Only the lines below from the one that holds "An aerial image. It shows: Crossing" through the one that holds "H&E-stained tissue: Breast" should appear in the answer, copied exactly, end lines included and pictures omitted.

━━━ Excerpted records

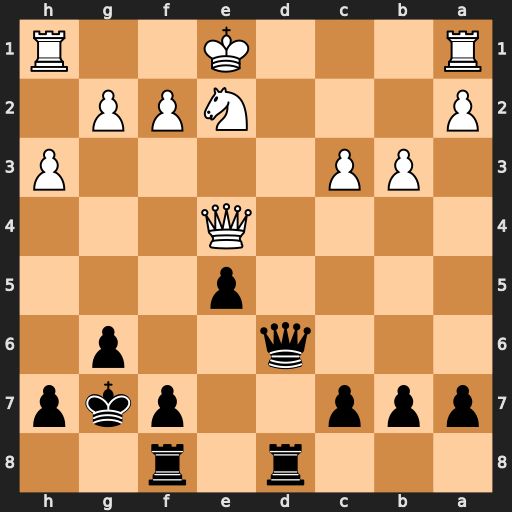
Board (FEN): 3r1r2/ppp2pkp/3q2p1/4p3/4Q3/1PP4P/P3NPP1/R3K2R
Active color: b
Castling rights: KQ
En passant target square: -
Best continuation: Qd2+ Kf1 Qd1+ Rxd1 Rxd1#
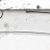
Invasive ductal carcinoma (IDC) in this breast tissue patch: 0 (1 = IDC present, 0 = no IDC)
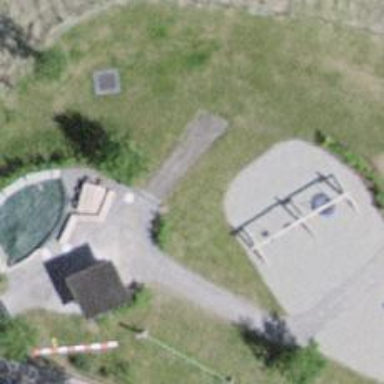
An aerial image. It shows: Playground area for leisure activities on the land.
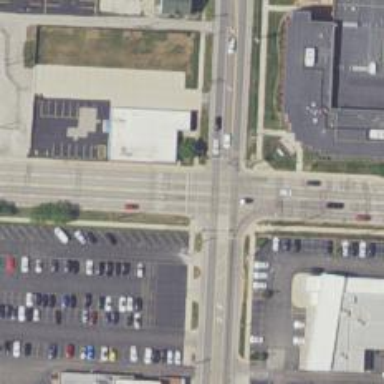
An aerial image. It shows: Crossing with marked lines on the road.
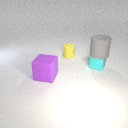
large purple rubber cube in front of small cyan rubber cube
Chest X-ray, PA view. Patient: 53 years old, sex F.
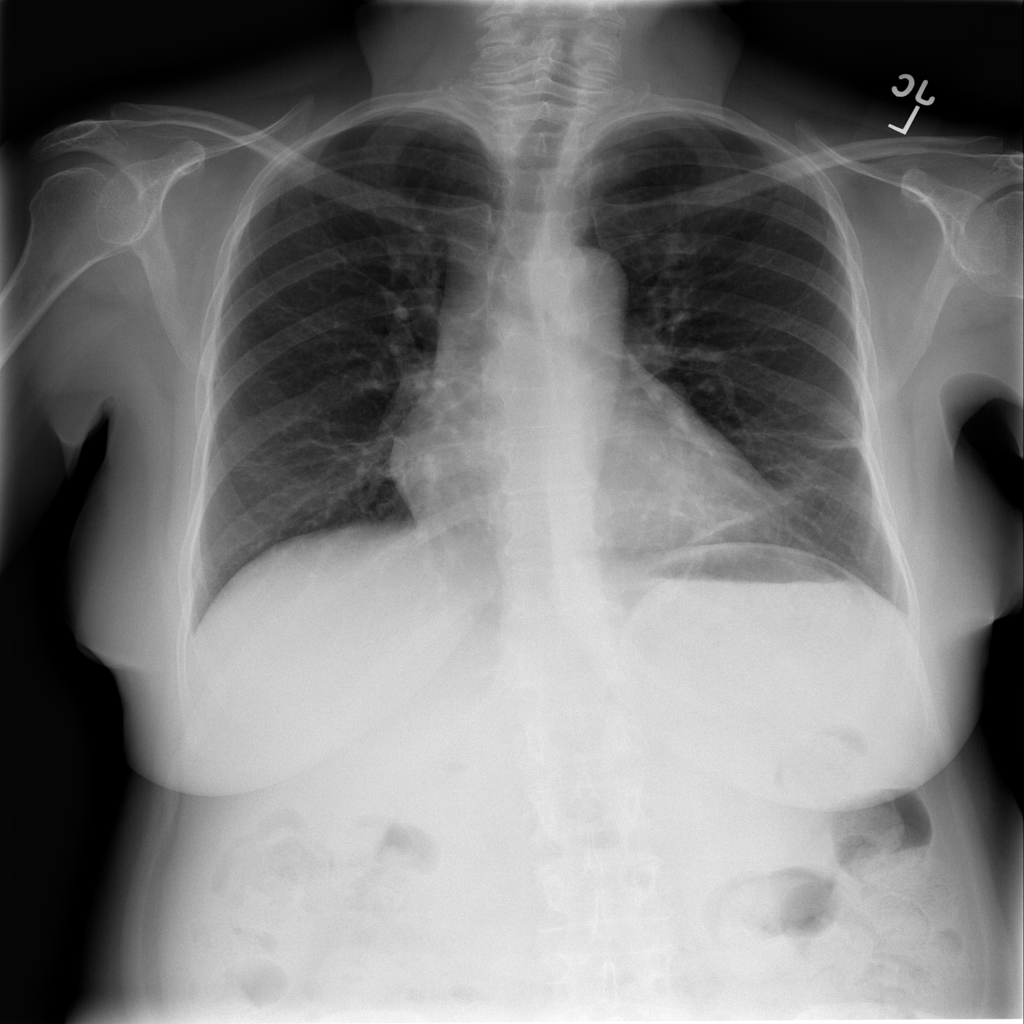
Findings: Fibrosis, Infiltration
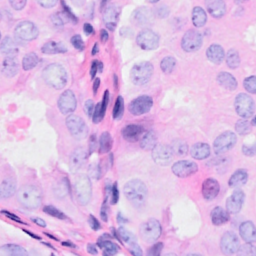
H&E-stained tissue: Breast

━━━━━━
━━━ Excerpted records

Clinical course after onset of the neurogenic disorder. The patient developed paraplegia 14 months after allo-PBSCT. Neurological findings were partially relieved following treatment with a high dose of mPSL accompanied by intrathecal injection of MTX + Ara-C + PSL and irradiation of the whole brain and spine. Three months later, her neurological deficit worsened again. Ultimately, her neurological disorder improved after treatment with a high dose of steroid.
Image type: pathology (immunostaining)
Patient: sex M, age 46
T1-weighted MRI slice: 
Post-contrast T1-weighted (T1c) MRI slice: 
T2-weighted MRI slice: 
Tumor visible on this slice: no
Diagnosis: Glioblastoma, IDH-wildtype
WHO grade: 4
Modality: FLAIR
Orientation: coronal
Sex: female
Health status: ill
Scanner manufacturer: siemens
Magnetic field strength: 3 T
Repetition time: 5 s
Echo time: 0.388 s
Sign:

━━━━━━

• **Answer area**
An aerial image. It shows: Crossing with marked lines on the road.
large purple rubber cube in front of small cyan rubber cube
Chest X-ray, PA view. Patient: 53 years old, sex F.
Findings: Fibrosis, Infiltration
H&E-stained tissue: Breast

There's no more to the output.